# What SAGE Can Do

SAGE does a wider range of mathematics than every other open source mathematics software, partly by virtue of incorporating several of the other large mature systems.

This is a high-level overview and list of functionality that is easily available from the standard SAGE interface. (The intended reader has never heard of Maxima, GAP, Singular, Givaro, etc.). This should be aimed at SAGE-2.5, and will be released with it.

## Calculus

• SAGE has fairly complete symbolic manipulation capabilities, including symbolic and numerical integration, differentiation, limits, etc.

## Coding theory

• A wide range of basic functionality.

## Commutative Algebra

• Fast computation of Groebner basis.

## Cryptography

• Classical ciphers are well supported.

## Elementary Education

• The SAGE notebook (a graphical interface) is a useful tool for basic math education because of its flexible visualization/output capabilities.

## Finite Fields

• Very fast arithmetic over finite fields and extensions of finite fields (especially up to cardinality 2^16).

## Graphical Interface

• A web-browser based graphical interface, which anybody can easily use or share.
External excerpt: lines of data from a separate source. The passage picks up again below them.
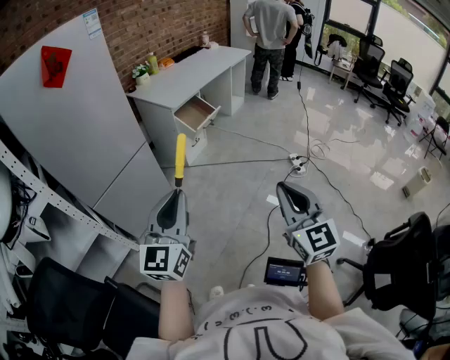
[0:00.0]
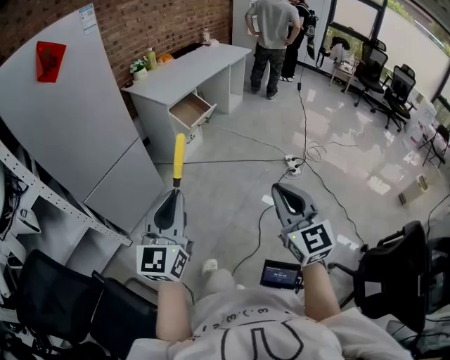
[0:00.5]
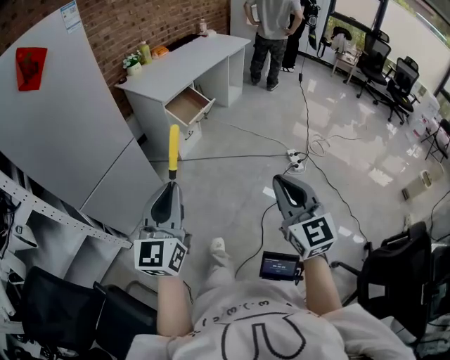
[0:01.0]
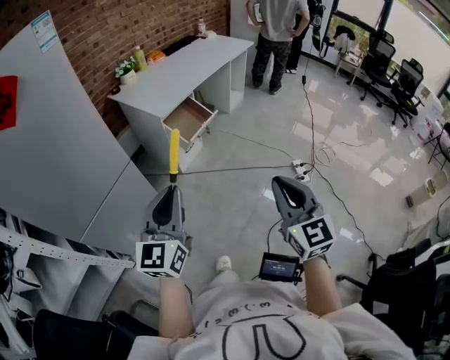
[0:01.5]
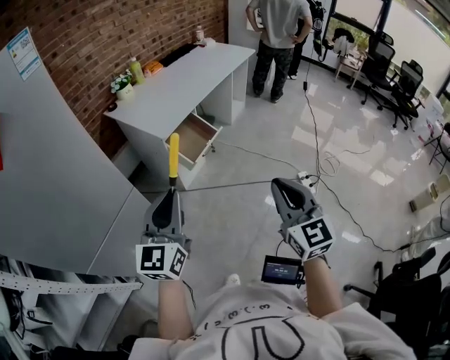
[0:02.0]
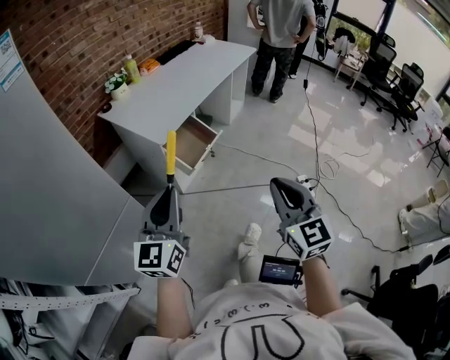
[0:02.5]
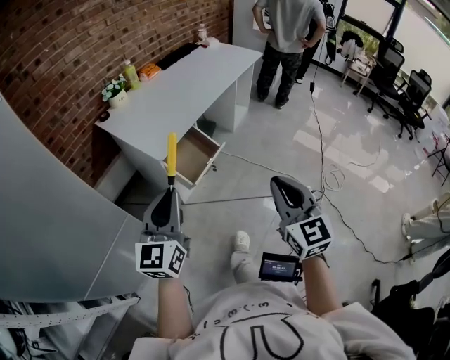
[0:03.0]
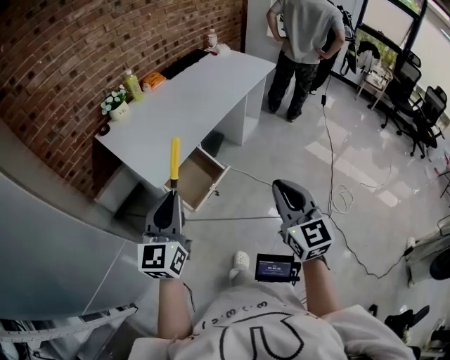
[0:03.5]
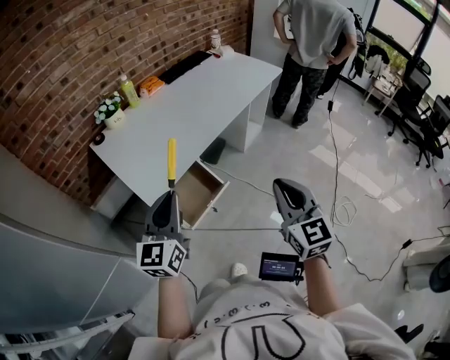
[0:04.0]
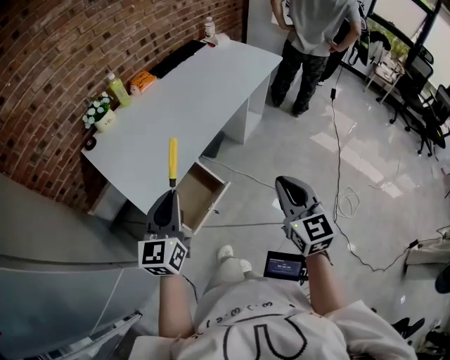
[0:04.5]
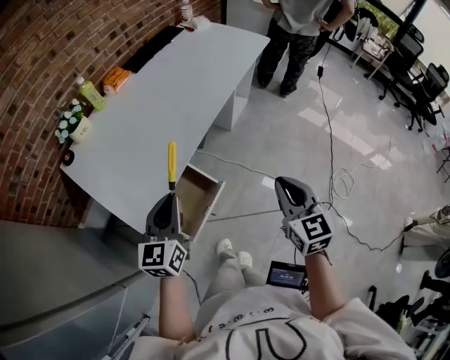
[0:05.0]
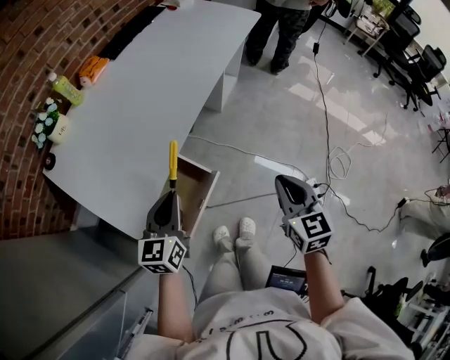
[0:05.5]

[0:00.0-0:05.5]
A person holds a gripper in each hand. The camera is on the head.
0:00.0 to 0:02.0: Both grippers travel together forward, approximately 40 cm.
0:02.0 to 0:03.5: The two grippers go roughly 35 cm forward.
0:03.5 to 0:05.5: The grippers both shift forward and downward by about 30 cm. The right gripper swivels approximately 30 degrees; the left gripper turns by roughly 20 degrees.

The GUI can also be used for any math software that SAGE interfaces with.
• A wiki with math typesetting preconfigured.

## Group Theory

• Permutations groups
• Abelian groups
• Matrix groups (in particular, classical groups over finite fields)

## Interfaces

• Interpreter interfaces to Axiom, CoCoA, GAP, KASH, Macaulay2, Magma, Maple, Mathematica, Matlab, Maxima, MuPAD, Octave, and Singular.
• C/C++-library interfaces to NTL, PARI, Linbox, and mwrank.

## Linear Algebra

• Compute the reduced row echelon form of e.g. dense 20,000x20,000 matrices over GF(2) in seconds and 50MB of RAM.
• Computation of reduced row echelon forms of sparse matrices.
• Fast matrix multiplication, characteristic polynomial and echelon forms of dense matrices over QQ.

## Number Theory

• Compute Mordell-Weil groups of (many) elliptic curves using both invariants and algebraic 2-descents.
• A wide range of number theoretic functions, e.g., euler_phi, primes enumeration, sigma, tau_qexp, etc.
• An optimized modern quadratic sieve for factoring integers n = p*q.
• Modular symbols for general weight, character, Gamma1, and GammaH.
• Modular forms for general weight >= 2, character, Gamma1, and GammaH.

• Elliptic Curves:
• All standard invariants of elliptic curves over QQ, division polynomials, etc.
• Compute the number of points on an elliptic curve modulo p for all primes p less than a million in seconds.
• Optimized implementation of the Schoof-Elkies-Atkin point counting algorithm for counting points modulo p when p is large.
• Complex and p-adic L-functions of elliptic curves
• Can compute p-adic heights and regulators for p < 100000 in a reasonable amount of time.

• Formal groups

## Numerical Computation

• Fast arithmetic and special functions with double precision real and complex numbers.
• Matrix and vector arithmetic, QR decomposition, system solving.